[Records excerpted from a collection]
────────

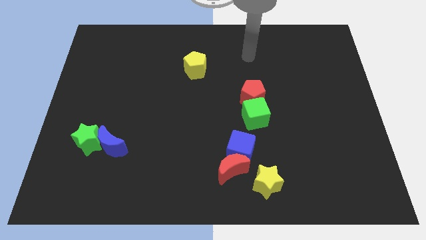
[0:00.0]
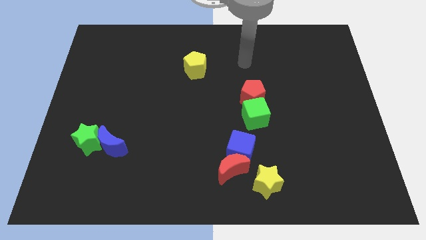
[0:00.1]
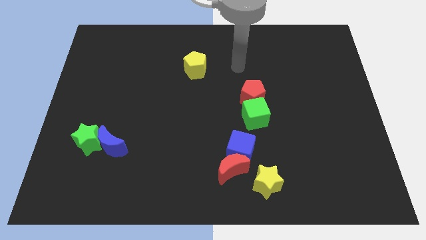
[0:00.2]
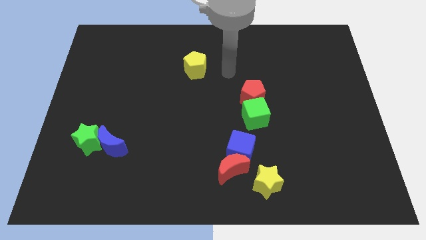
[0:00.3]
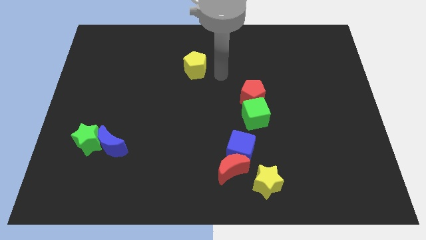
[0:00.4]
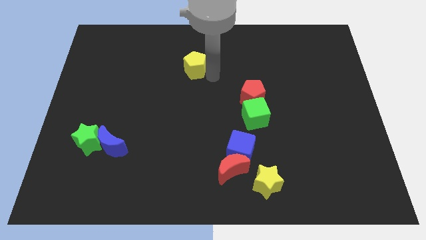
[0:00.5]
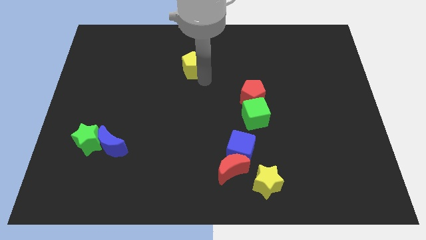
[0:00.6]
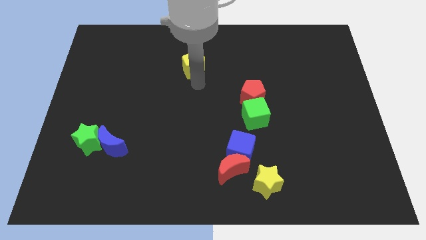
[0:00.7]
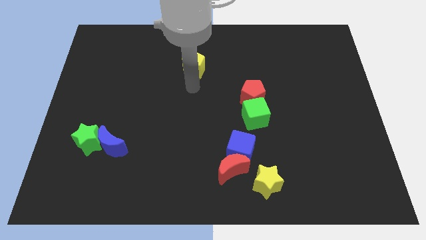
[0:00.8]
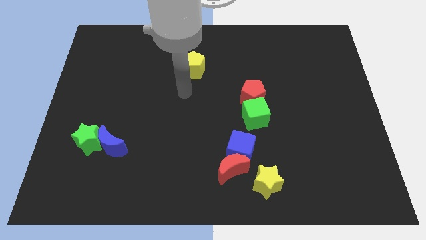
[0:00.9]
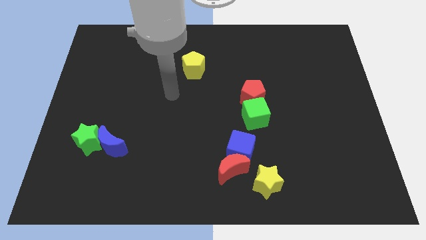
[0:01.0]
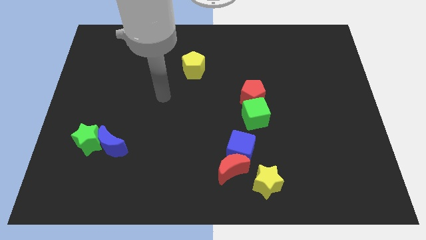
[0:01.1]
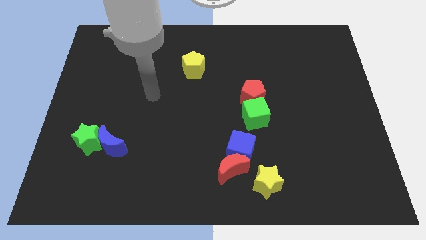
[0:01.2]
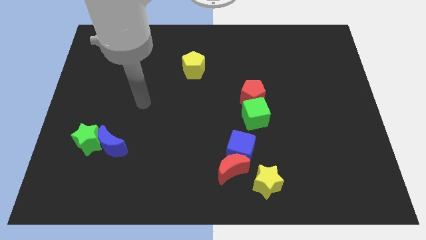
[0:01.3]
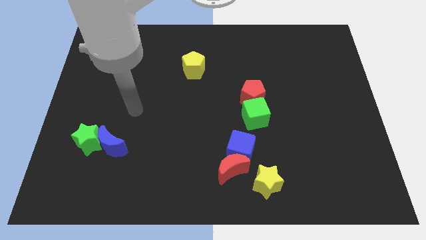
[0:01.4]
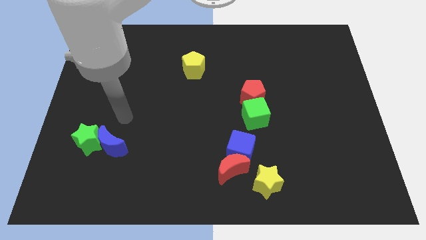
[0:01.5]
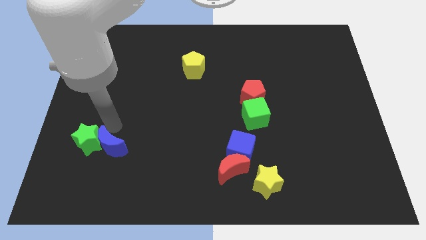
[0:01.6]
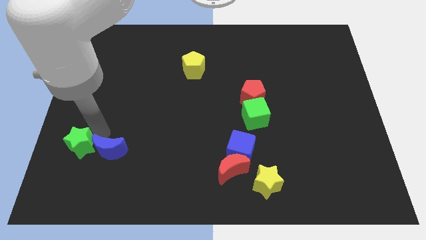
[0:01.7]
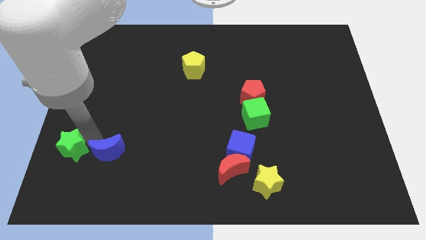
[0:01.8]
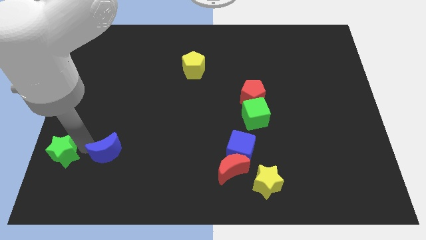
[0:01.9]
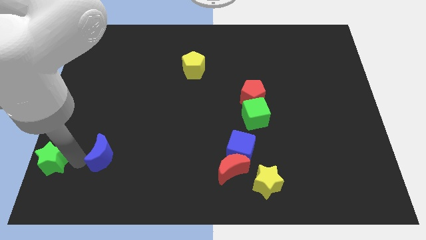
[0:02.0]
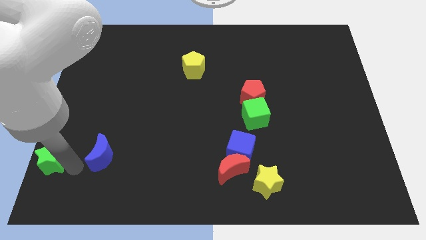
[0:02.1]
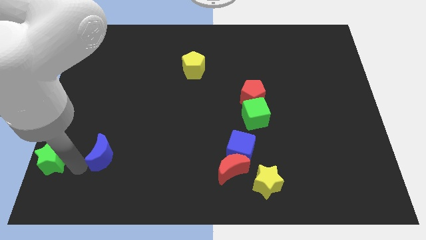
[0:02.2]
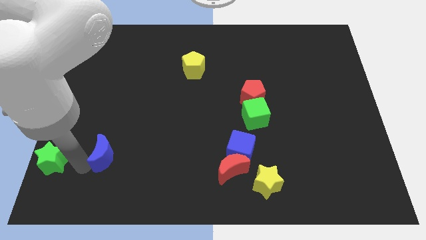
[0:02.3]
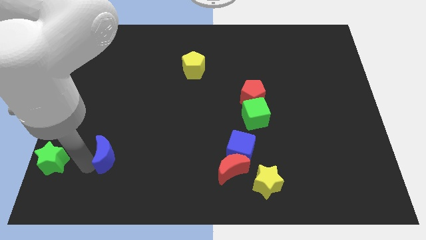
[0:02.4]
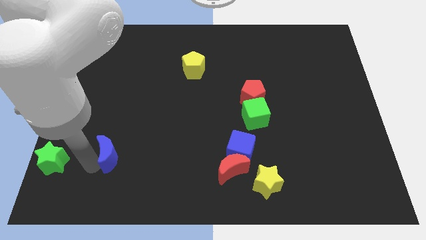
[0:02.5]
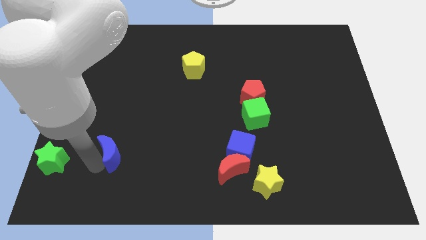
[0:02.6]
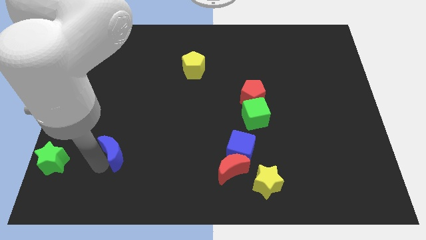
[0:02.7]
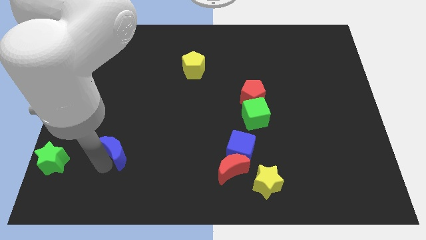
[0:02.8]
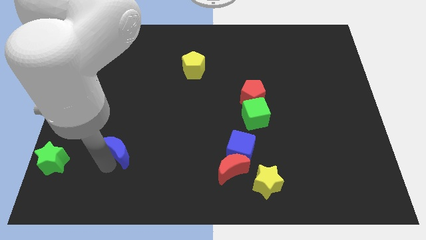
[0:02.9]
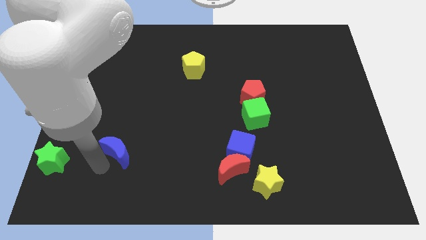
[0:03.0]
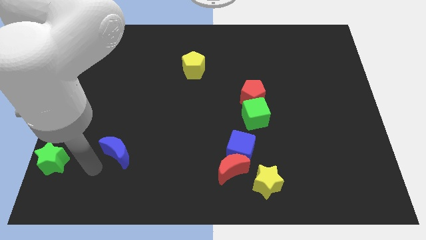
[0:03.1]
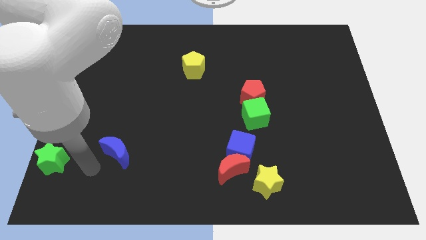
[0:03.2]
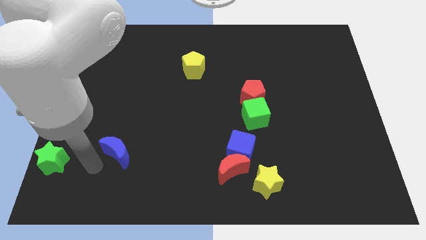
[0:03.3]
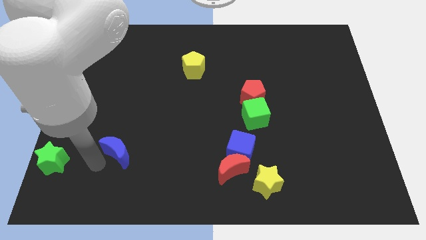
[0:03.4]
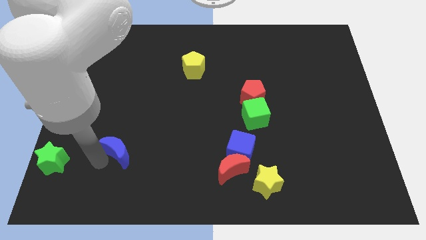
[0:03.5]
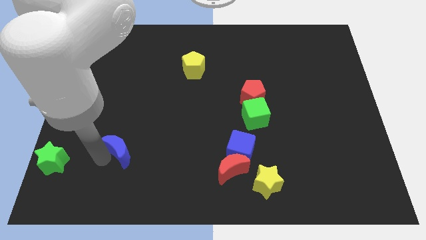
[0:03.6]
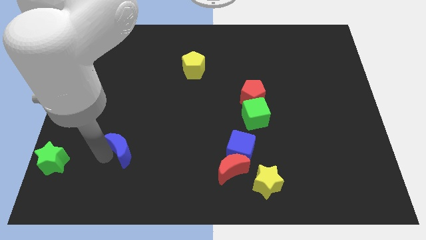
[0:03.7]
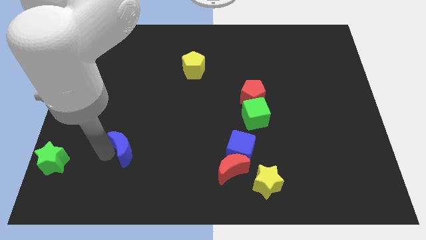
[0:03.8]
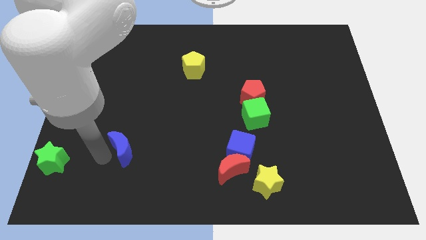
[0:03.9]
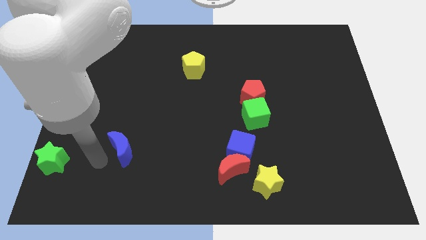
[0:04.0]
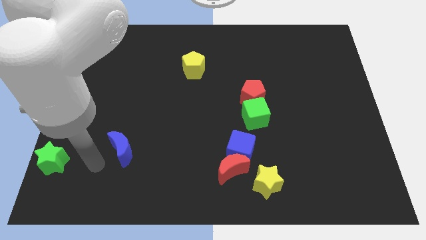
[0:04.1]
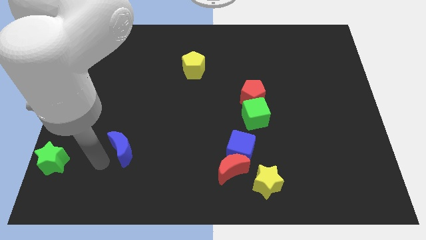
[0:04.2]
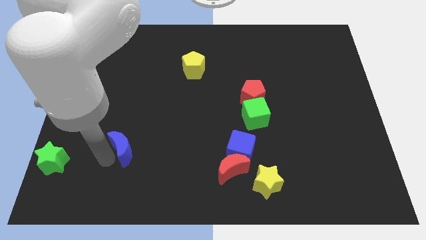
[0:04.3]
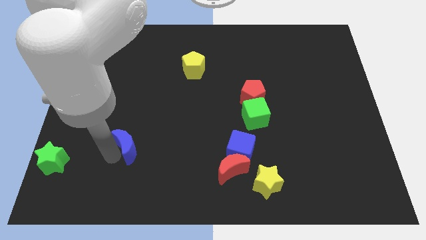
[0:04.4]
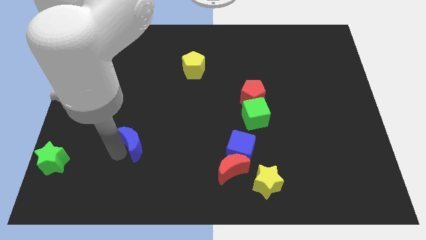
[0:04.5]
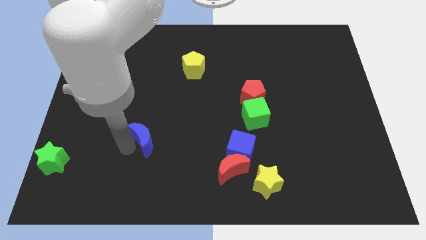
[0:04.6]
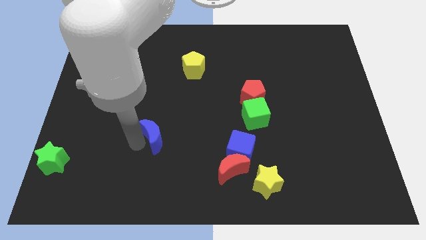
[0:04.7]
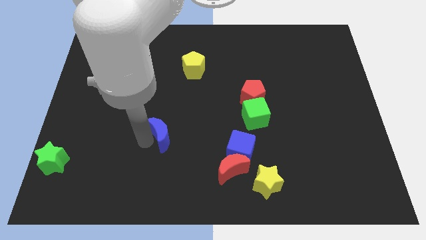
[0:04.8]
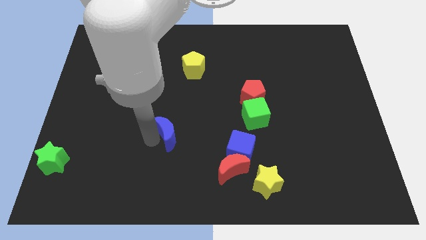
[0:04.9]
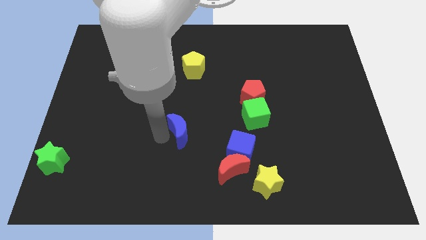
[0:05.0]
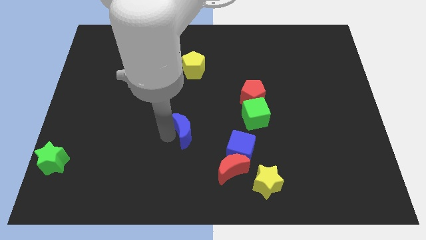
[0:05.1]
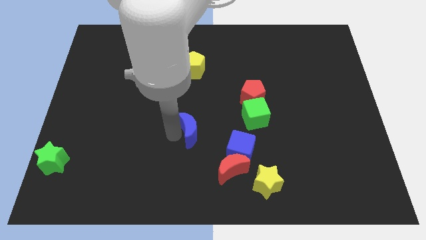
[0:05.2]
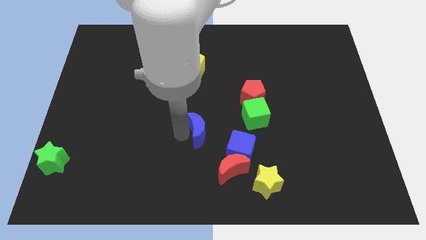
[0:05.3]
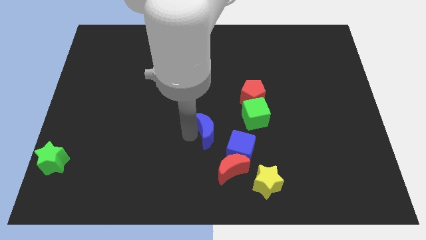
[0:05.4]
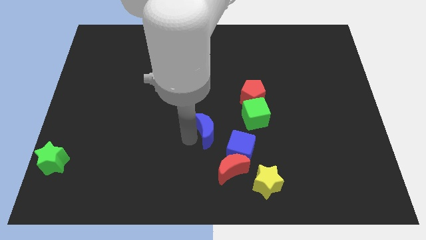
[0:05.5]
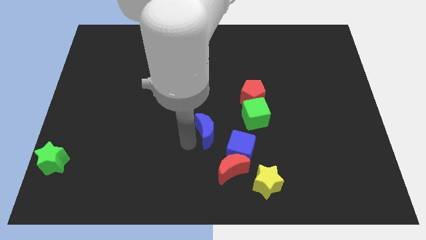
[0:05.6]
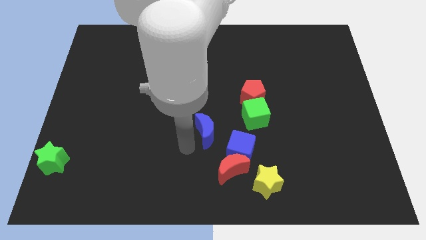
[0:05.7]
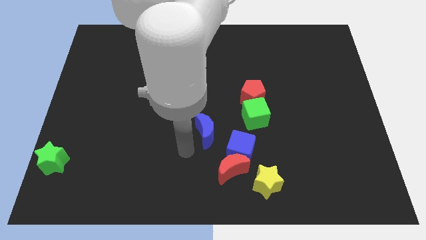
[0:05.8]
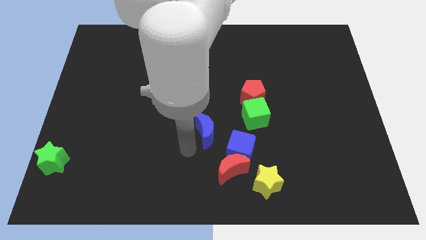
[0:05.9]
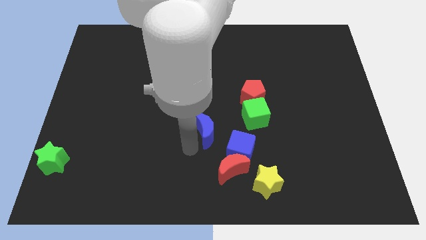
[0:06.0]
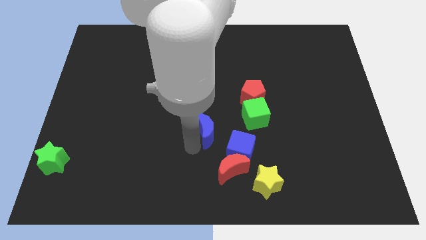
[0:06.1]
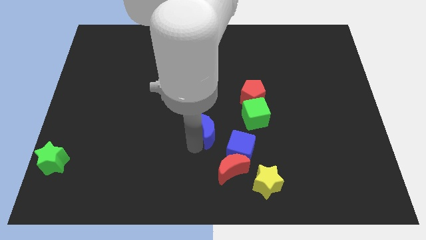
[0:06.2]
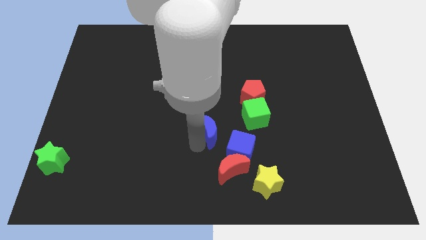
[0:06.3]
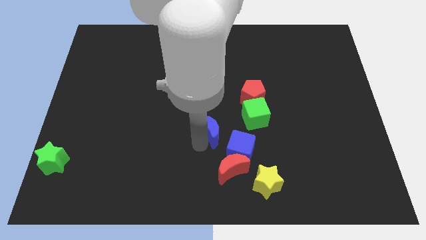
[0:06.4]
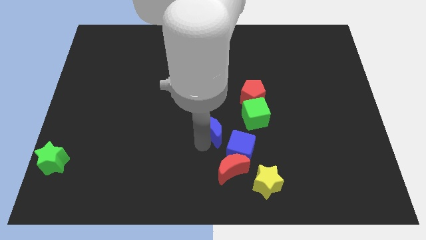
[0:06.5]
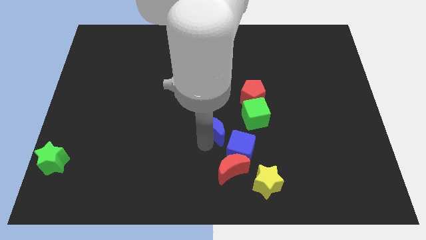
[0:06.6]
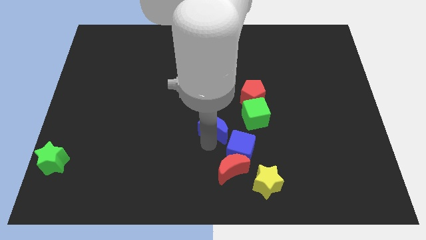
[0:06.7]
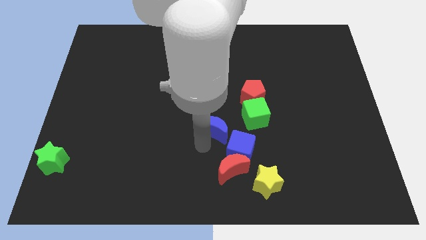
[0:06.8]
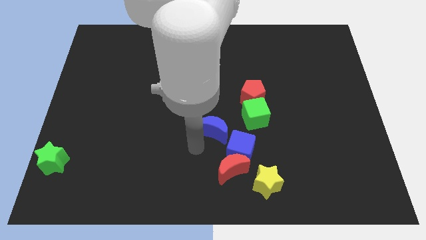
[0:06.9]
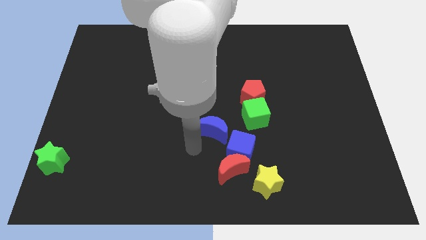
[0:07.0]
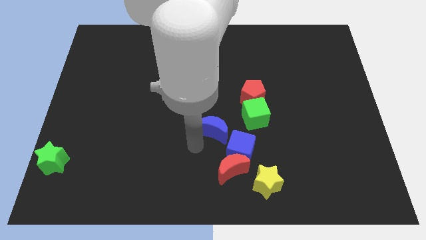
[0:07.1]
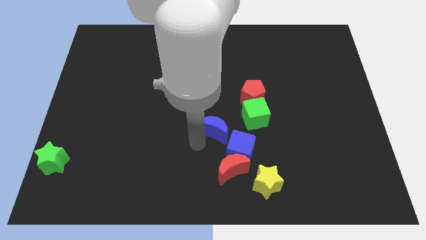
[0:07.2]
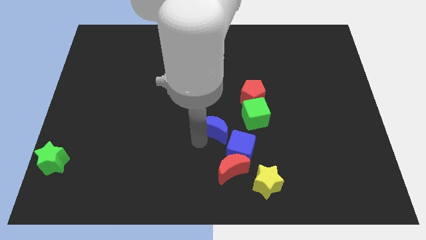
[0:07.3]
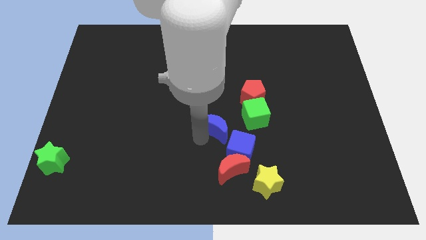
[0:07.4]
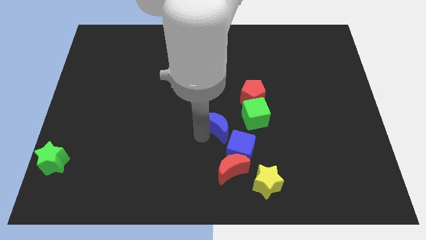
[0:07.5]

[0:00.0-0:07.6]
slide the blue moon to the top of the blue cube

────────

Work to be completed -> Your answer must be an exact reproduction of all entries, containing no pictures.

Solution to the exercise ->
[0:00.0]
[0:00.1]
[0:00.2]
[0:00.3]
[0:00.4]
[0:00.5]
[0:00.6]
[0:00.7]
[0:00.8]
[0:00.9]
[0:01.0]
[0:01.1]
[0:01.2]
[0:01.3]
[0:01.4]
[0:01.5]
[0:01.6]
[0:01.7]
[0:01.8]
[0:01.9]
[0:02.0]
[0:02.1]
[0:02.2]
[0:02.3]
[0:02.4]
[0:02.5]
[0:02.6]
[0:02.7]
[0:02.8]
[0:02.9]
[0:03.0]
[0:03.1]
[0:03.2]
[0:03.3]
[0:03.4]
[0:03.5]
[0:03.6]
[0:03.7]
[0:03.8]
[0:03.9]
[0:04.0]
[0:04.1]
[0:04.2]
[0:04.3]
[0:04.4]
[0:04.5]
[0:04.6]
[0:04.7]
[0:04.8]
[0:04.9]
[0:05.0]
[0:05.1]
[0:05.2]
[0:05.3]
[0:05.4]
[0:05.5]
[0:05.6]
[0:05.7]
[0:05.8]
[0:05.9]
[0:06.0]
[0:06.1]
[0:06.2]
[0:06.3]
[0:06.4]
[0:06.5]
[0:06.6]
[0:06.7]
[0:06.8]
[0:06.9]
[0:07.0]
[0:07.1]
[0:07.2]
[0:07.3]
[0:07.4]
[0:07.5]

[0:00.0-0:07.6]
slide the blue moon to the top of the blue cube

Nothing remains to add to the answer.